──────── Extracted information

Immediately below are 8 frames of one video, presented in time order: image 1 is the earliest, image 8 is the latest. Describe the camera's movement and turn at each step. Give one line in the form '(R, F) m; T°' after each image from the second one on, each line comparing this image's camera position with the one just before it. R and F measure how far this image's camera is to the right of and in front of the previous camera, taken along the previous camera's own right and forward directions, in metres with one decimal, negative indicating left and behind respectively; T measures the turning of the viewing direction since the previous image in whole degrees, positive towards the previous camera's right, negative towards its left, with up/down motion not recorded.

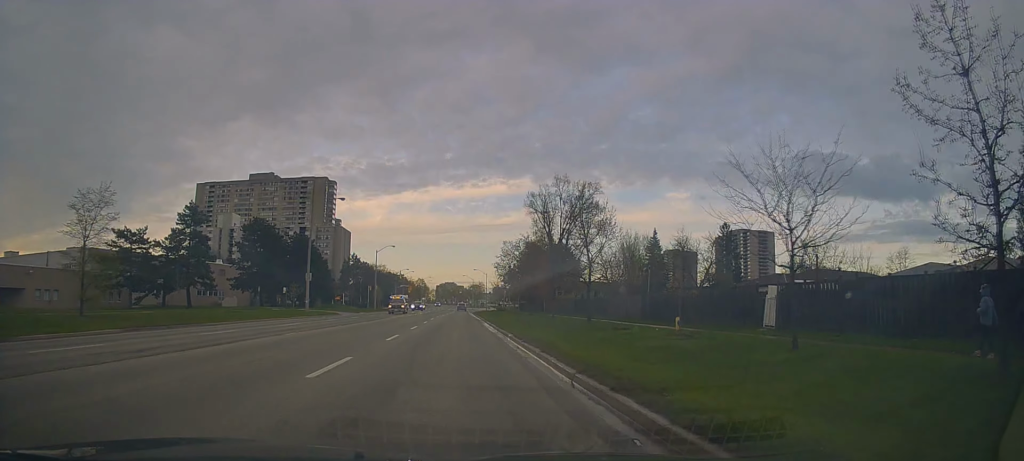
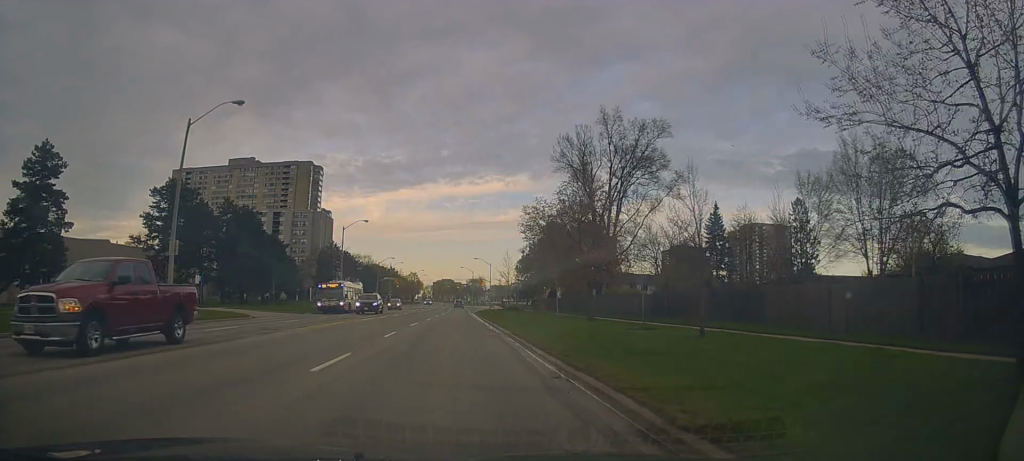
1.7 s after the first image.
(-0.8, +27.1) m; 0°
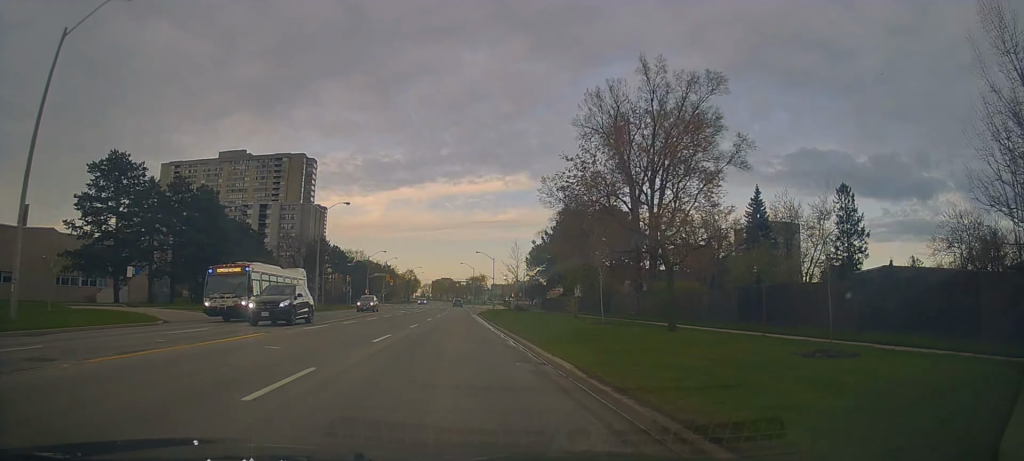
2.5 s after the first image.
(+0.2, +12.1) m; +1°
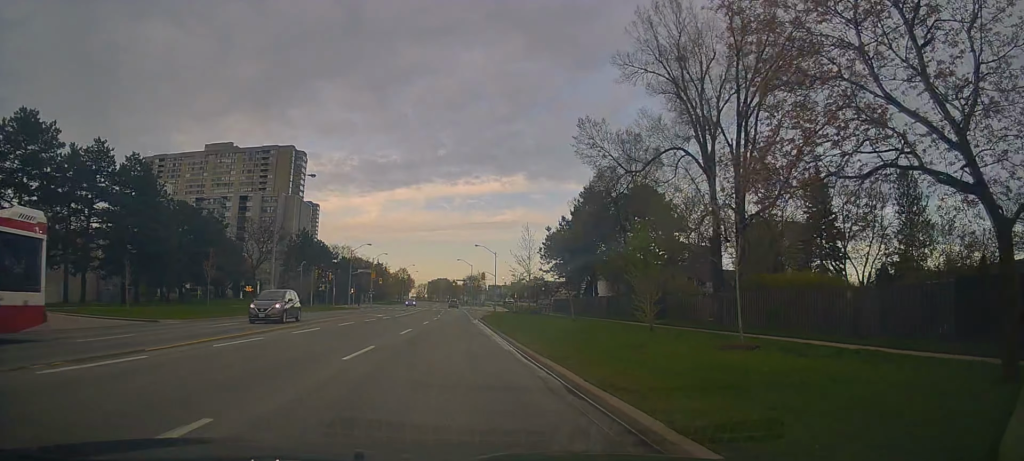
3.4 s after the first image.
(+0.1, +13.6) m; 0°
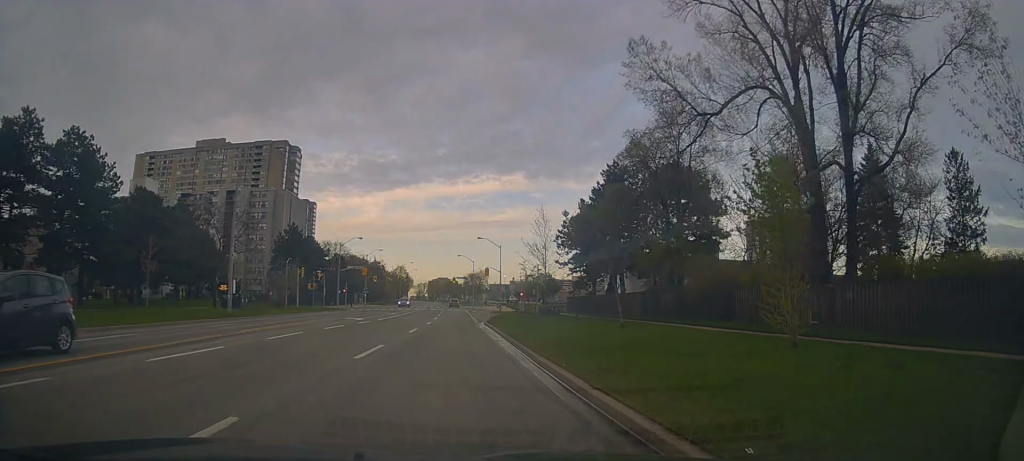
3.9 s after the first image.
(0.0, +9.4) m; 0°
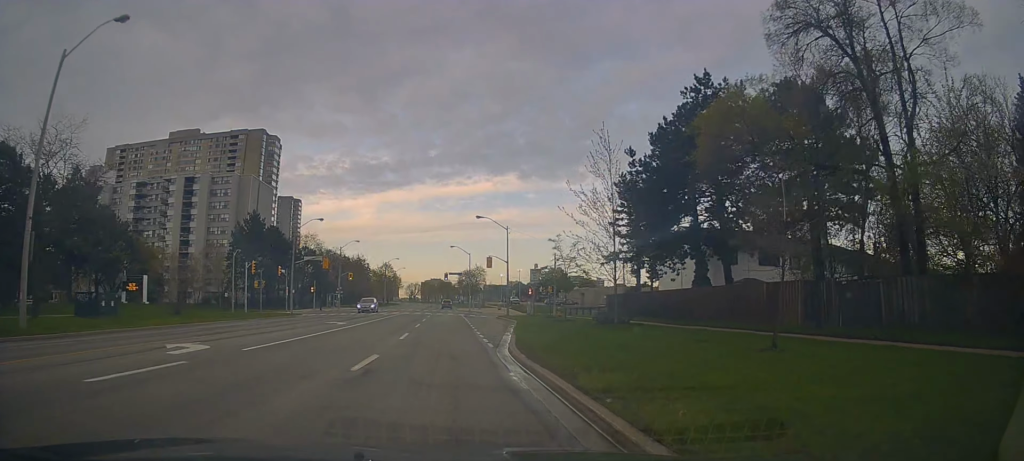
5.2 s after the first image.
(-0.2, +20.1) m; -2°
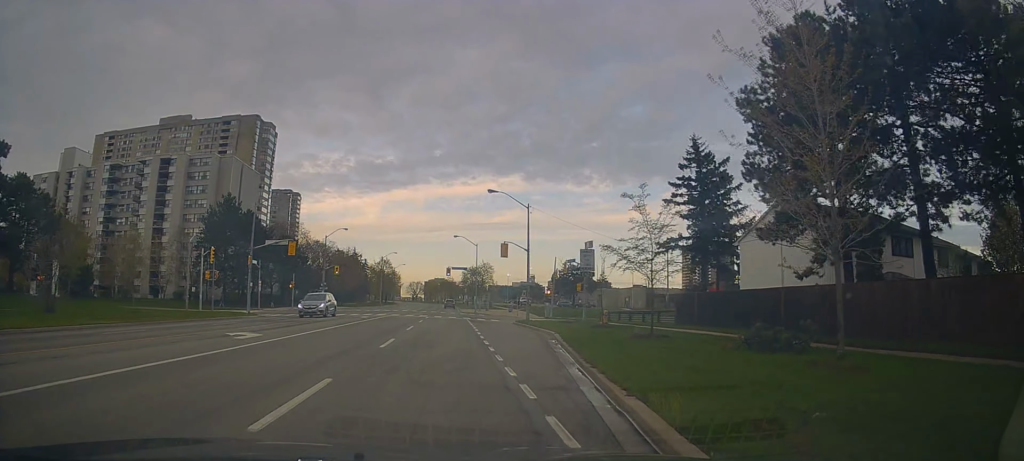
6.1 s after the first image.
(-0.4, +13.9) m; 0°
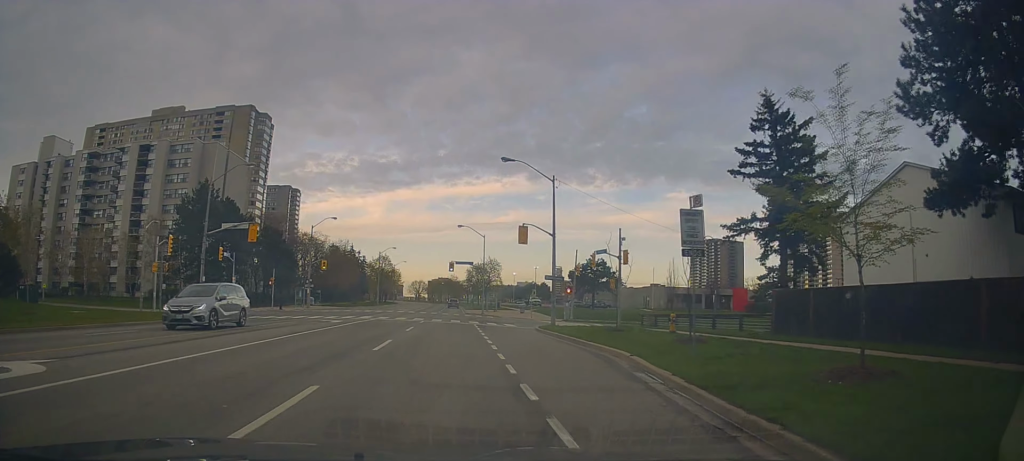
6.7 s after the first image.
(+0.3, +10.1) m; +1°
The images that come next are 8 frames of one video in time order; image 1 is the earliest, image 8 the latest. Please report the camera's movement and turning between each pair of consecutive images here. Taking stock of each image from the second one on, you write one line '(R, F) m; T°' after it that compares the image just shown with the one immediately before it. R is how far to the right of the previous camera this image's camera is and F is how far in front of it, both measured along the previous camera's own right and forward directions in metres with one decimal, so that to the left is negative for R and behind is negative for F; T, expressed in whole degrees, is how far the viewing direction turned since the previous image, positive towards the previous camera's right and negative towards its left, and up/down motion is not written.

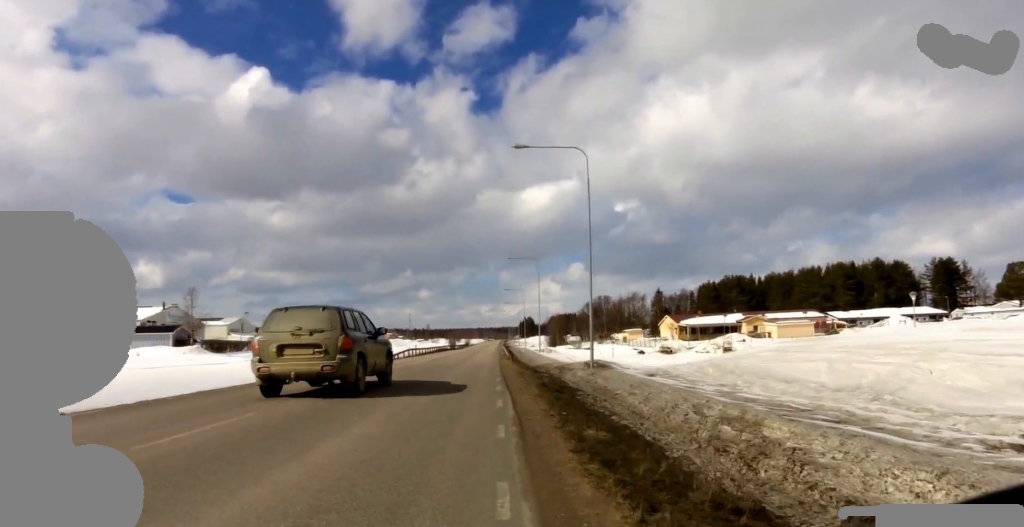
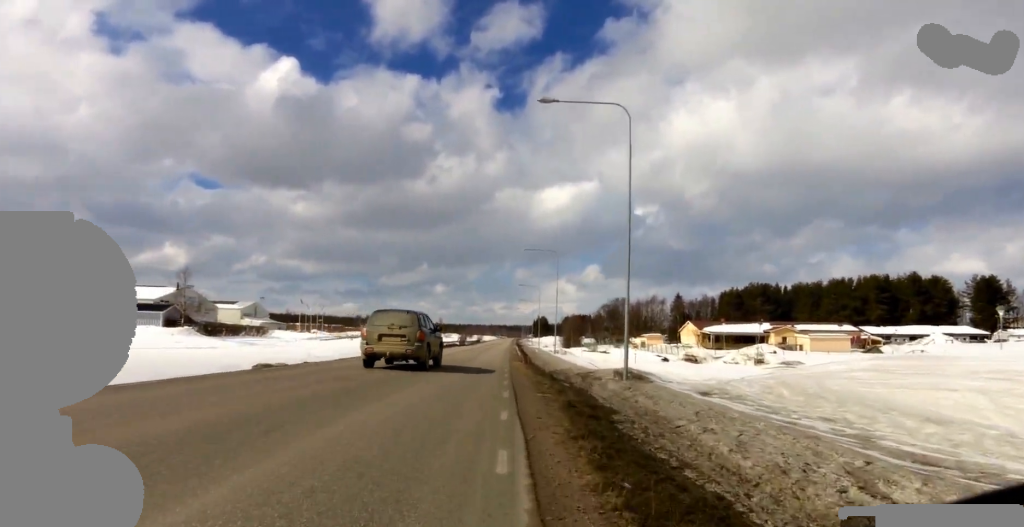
(-0.6, +4.9) m; 0°
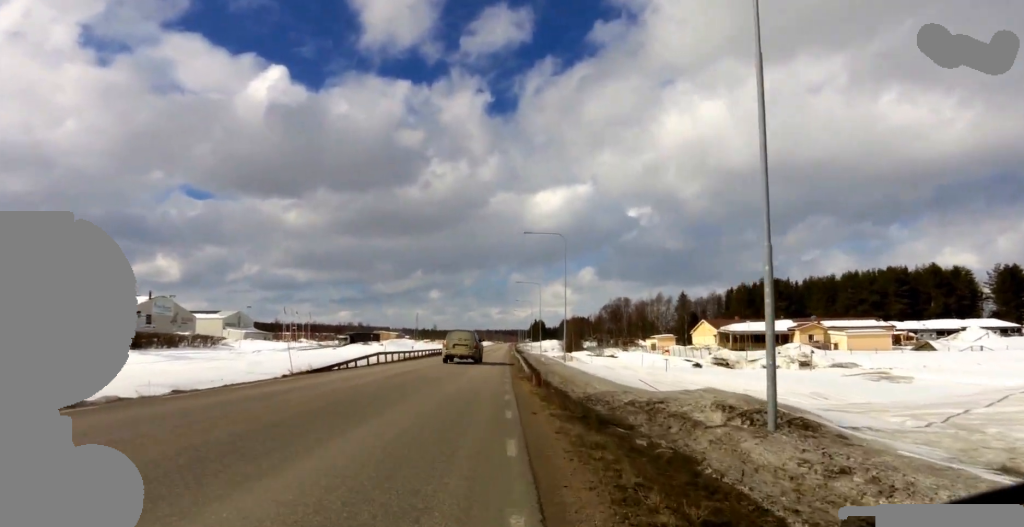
(+1.4, +10.6) m; +6°
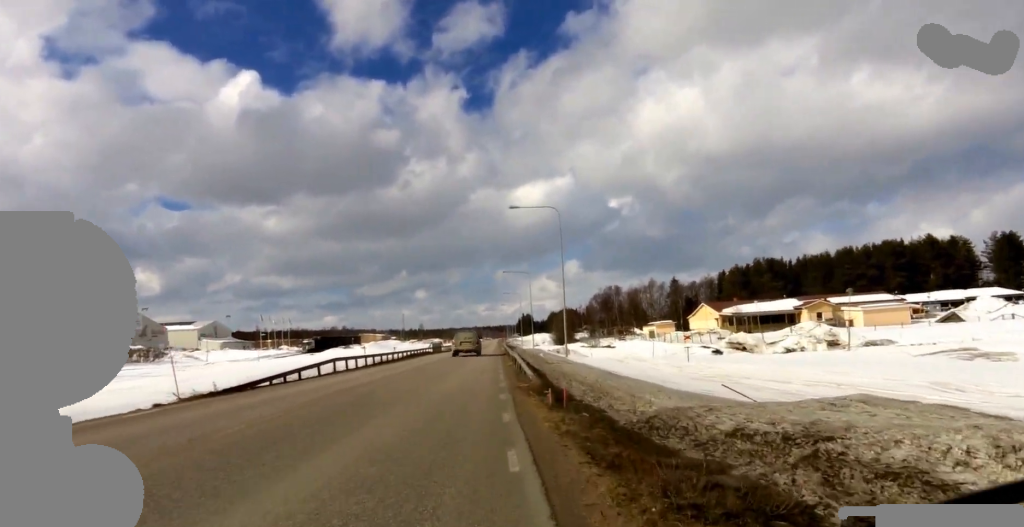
(+0.1, +7.1) m; -6°
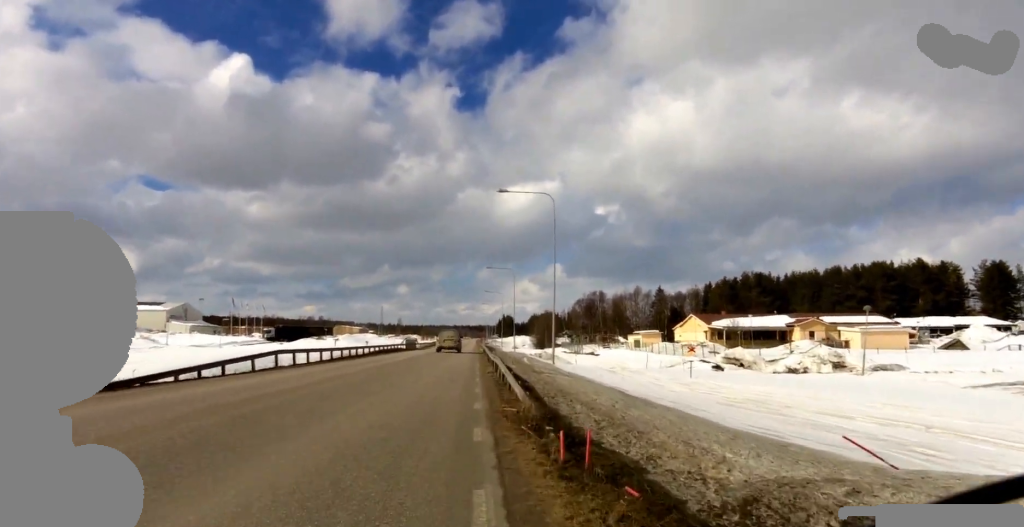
(-0.6, +4.4) m; 0°
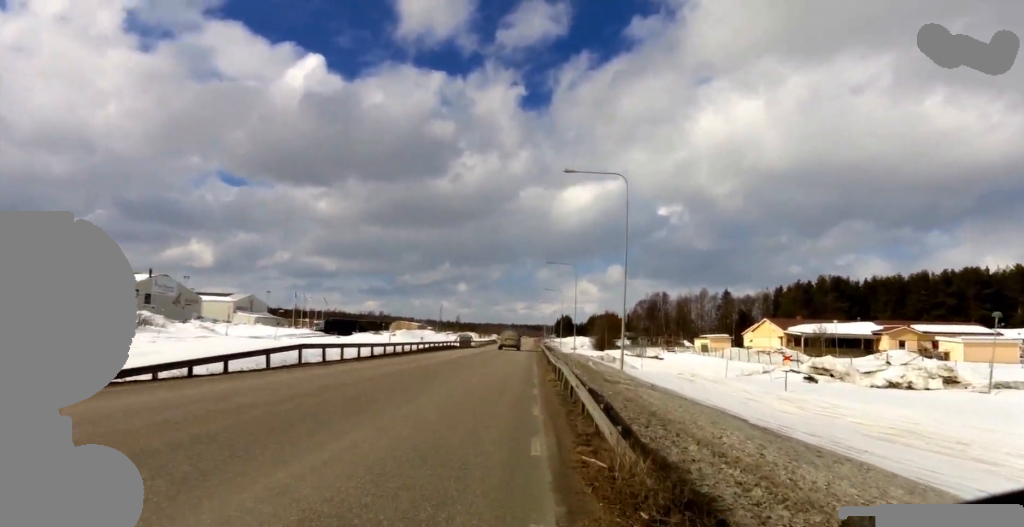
(-0.5, +3.8) m; 0°
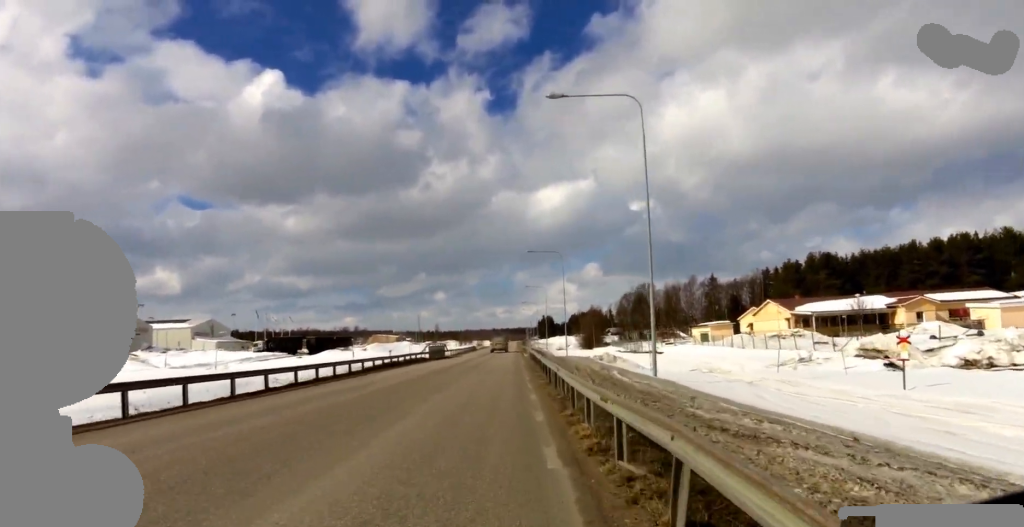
(+1.2, +9.5) m; +7°
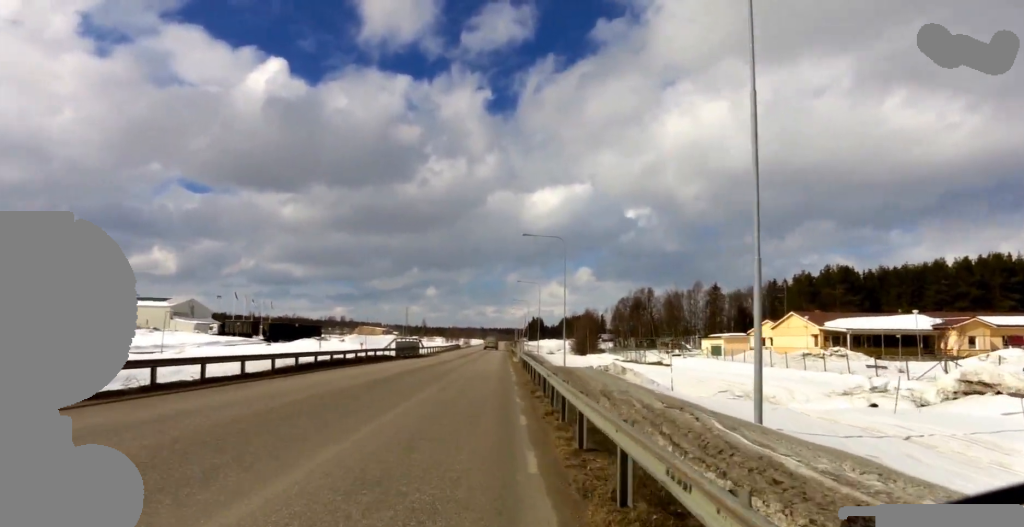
(0.0, +8.9) m; -7°
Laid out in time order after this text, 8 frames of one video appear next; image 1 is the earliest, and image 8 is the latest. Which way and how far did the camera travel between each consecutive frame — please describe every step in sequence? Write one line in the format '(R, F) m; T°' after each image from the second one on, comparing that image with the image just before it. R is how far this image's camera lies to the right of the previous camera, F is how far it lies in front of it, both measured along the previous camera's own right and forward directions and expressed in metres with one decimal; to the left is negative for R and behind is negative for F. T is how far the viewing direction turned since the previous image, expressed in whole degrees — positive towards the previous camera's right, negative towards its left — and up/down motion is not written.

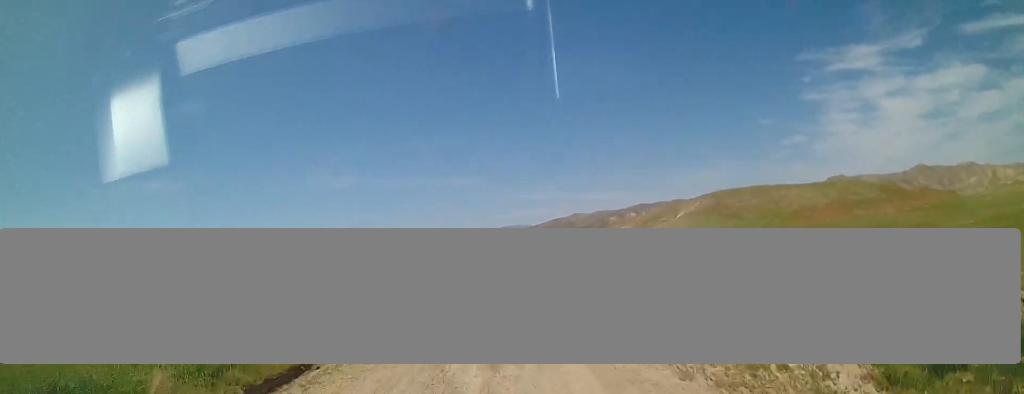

────────────────

Work to complete →
Restate word for word the lines from the one containing "3.4 s after the first image." through the end of the material above, both included, and nothing besides; drop the pictures.

Exercise response →
3.4 s after the first image.
(+0.1, +13.6) m; 0°
3.9 s after the first image.
(0.0, +9.4) m; 0°
5.2 s after the first image.
(-0.2, +20.1) m; -2°
6.1 s after the first image.
(-0.4, +13.9) m; 0°
6.7 s after the first image.
(+0.3, +10.1) m; +1°
The images that come next are 8 frames of one video in time order; image 1 is the earliest, image 8 the latest. Please report the camera's movement and turning between each pair of consecutive images here. Taking stock of each image from the second one on, you write one line '(R, F) m; T°' after it that compares the image just shown with the one immediately before it. R is how far to the right of the previous camera this image's camera is and F is how far in front of it, both measured along the previous camera's own right and forward directions in metres with one decimal, so that to the left is negative for R and behind is negative for F; T, expressed in whole degrees, is how far the viewing direction turned since the previous image, positive towards the previous camera's right and negative towards its left, and up/down motion is not written.

(-0.6, +4.9) m; 0°
(+1.4, +10.6) m; +6°
(+0.1, +7.1) m; -6°
(-0.6, +4.4) m; 0°
(-0.5, +3.8) m; 0°
(+1.2, +9.5) m; +7°
(0.0, +8.9) m; -7°
Laid out in time order after this text, 8 frames of one video appear next; image 1 is the earliest, and image 8 is the latest. Which way and how far did the camera travel between each consecutive frame — please describe every step in sequence? Write one line in the format '(R, F) m; T°' after each image from the second one on, comparing that image with the image just before it. R is how far this image's camera lies to the right of the previous camera, F is how far it lies in front of it, both measured along the previous camera's own right and forward directions and expressed in metres with one decimal; to the left is negative for R and behind is negative for F. T is how far the viewing direction turned since the previous image, expressed in whole degrees — positive towards the previous camera's right, negative towards its left — and up/down motion is not written.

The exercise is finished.